But whatever the number is, one thing’s for sure: Once-taboo anal sex is edging into the mainstream among heterosexual couples. Unlike penis-in-vagina sex, anal sex inspires lots of fear-mongering and myths. Hey, we’re not here to judge. But we do want to clear up the confusion if you’re thinking of giving it a try. Here are five things to consider.
It might hurt, so go slow
While the vagina is elastic and accommodating, the anus and rectum have thinner skin and don’t share that same flexibility. If you’re interested in trying anal play, a good way to get acclimated and avoid pain is by first inserting a finger or using a butt plug, advises Nebraska-based certified sex therapist Kristen Lilla . When you feel comfortable enough to move on to your partner’s penis, start off slowly, and make sure you communicate how you feel and if he needs to put on the brakes.
Staying calm is key; the more relaxed your body is, the less clenched your muscles will be. “Women (and men) may experience discomfort the first time they have anal sex, but this is often related to not being relaxed,” says Lilla “Breathe so you can relax your pelvic floor and any tension you might be feeling.”
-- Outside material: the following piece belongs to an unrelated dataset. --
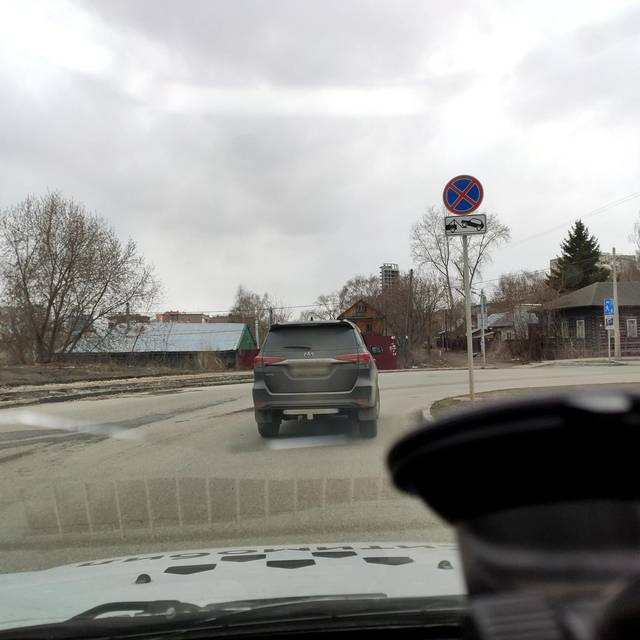
Region: Russia
Coordinates: 58.001, 56.217
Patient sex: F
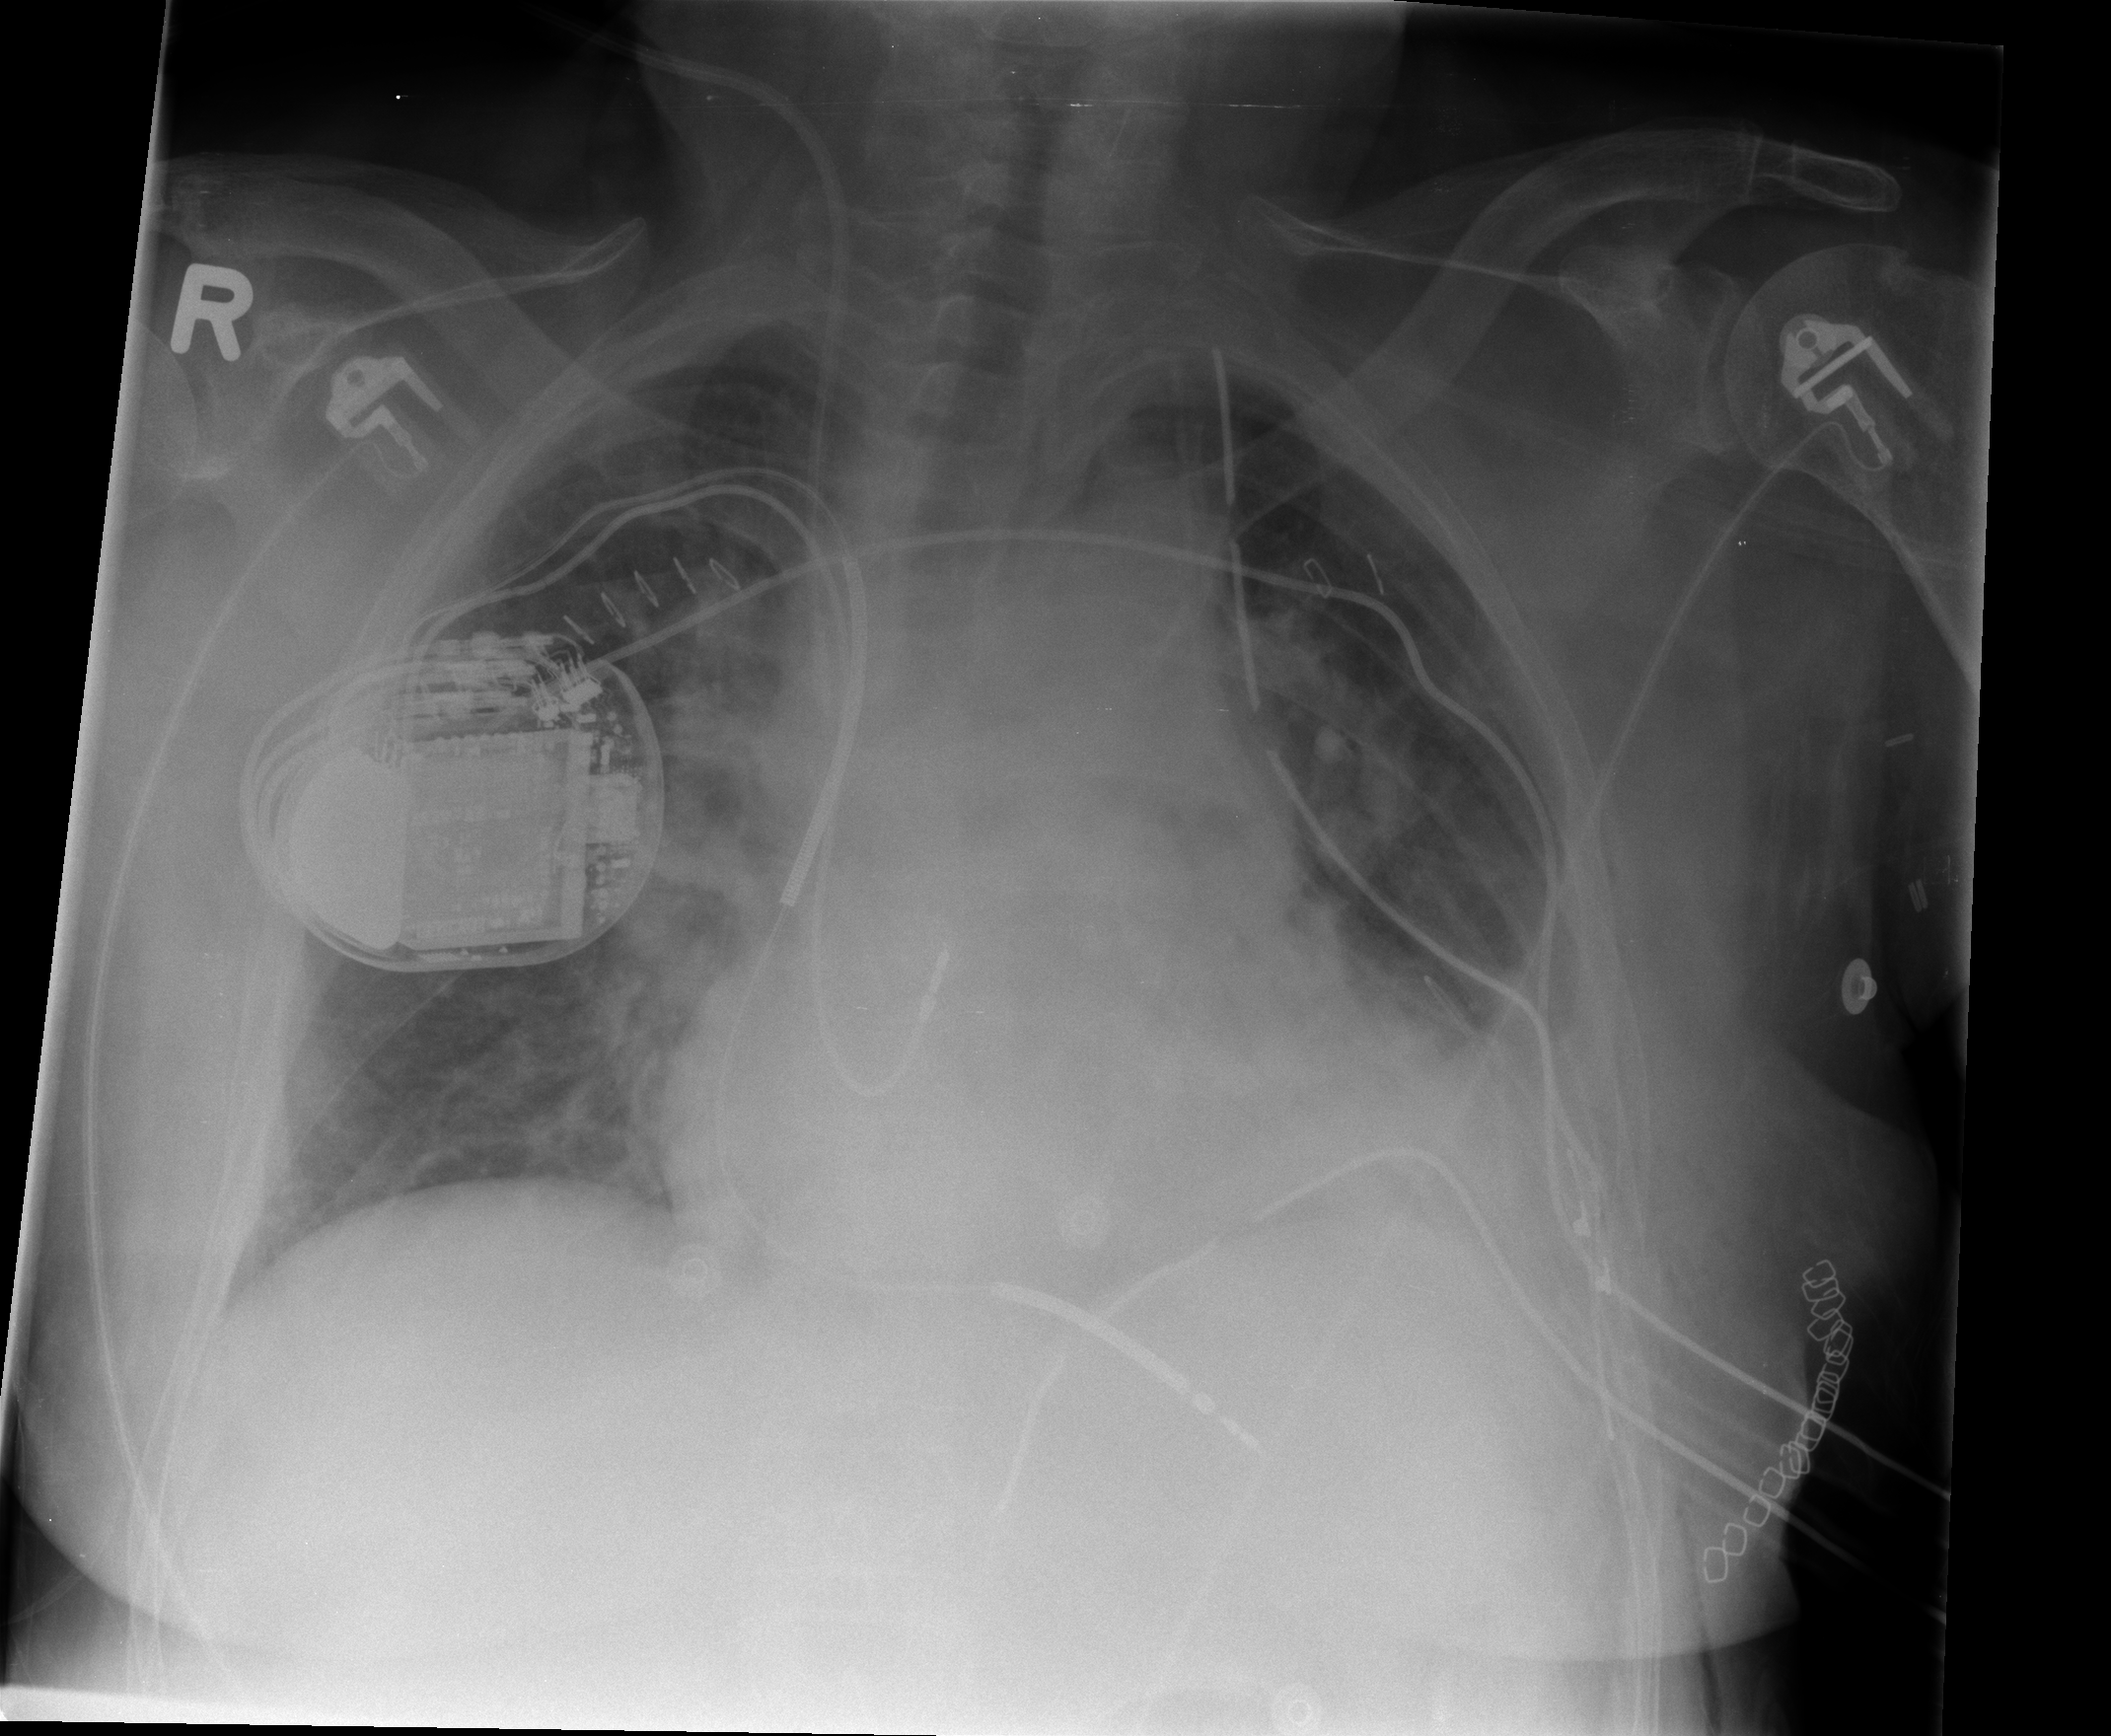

Use lots (and lots) of lube
Experts can’t stress enough the importance of using plenty of lubricant. “The rectum doesn’t have its own self-lubricating ability,” explains Sherry A. Ross, MD, author of She-ology: The Definitive Guide to Women’s Intimate Health. Period . Since water-based lubes tend to break down quicker and there’s no natural moisture in the rectum, it’s crucial to use a thicker, silicone-based lube so tearing doesn’t occur. Even tiny tears in the anal area can allow bacteria and viruses into your system, potentially leading to infection.
STDs are a real threat
Speaking of infection, anal sex can spread the same STDs you can pick up from vaginal sex. Except this time the infection is in your rectum, where your gyno won’t know to test you. “People think you can’t get HPV, herpes, syphilis, and even hepatitis A and B,” says Dr. Ross. “You can still get all those STDs from anal sex, which is why it’s important to stay protected.”
That means using lots of lubricant to prevent tearing, and always using a condom unless you know for sure (like really for sure) that your partner is STD-free. And it bears repeating: Anal sex is the riskiest type of sex when it comes to transmitting HIV, according to the CDC .
Your bowels could be affected
“This question gets asked the most: w ill I poop everywhere?” says Dr. Ross, adding that it’s hard to give an answer, since it depends on so many factors, including when you last went number two. But in general, anal sex could put added stress on the anal sphincter muscle, and that could ” prevent you from having a bowel movement on your own terms or a normal consistency to your bowel movements,” she adds. To reduce the likelihood of this happening, go slow, hit the bathroom first, and ask your partner not to go too deep.
It’s not weird to actually enjoy it
One of the most toxic myths about anal sex is that it makes you a “dirty” person, says Dr. Ross. “We’re moving into another phase of expression that this can just be part of the normal sexual experience; it doesn’t have to have this horrible taboo attached to it,” she says. If you find that you like it, don’t get caught up in the outdated stigma or what other people think. The rules about how women are expressing themselves in the bedroom have and will keep evolving.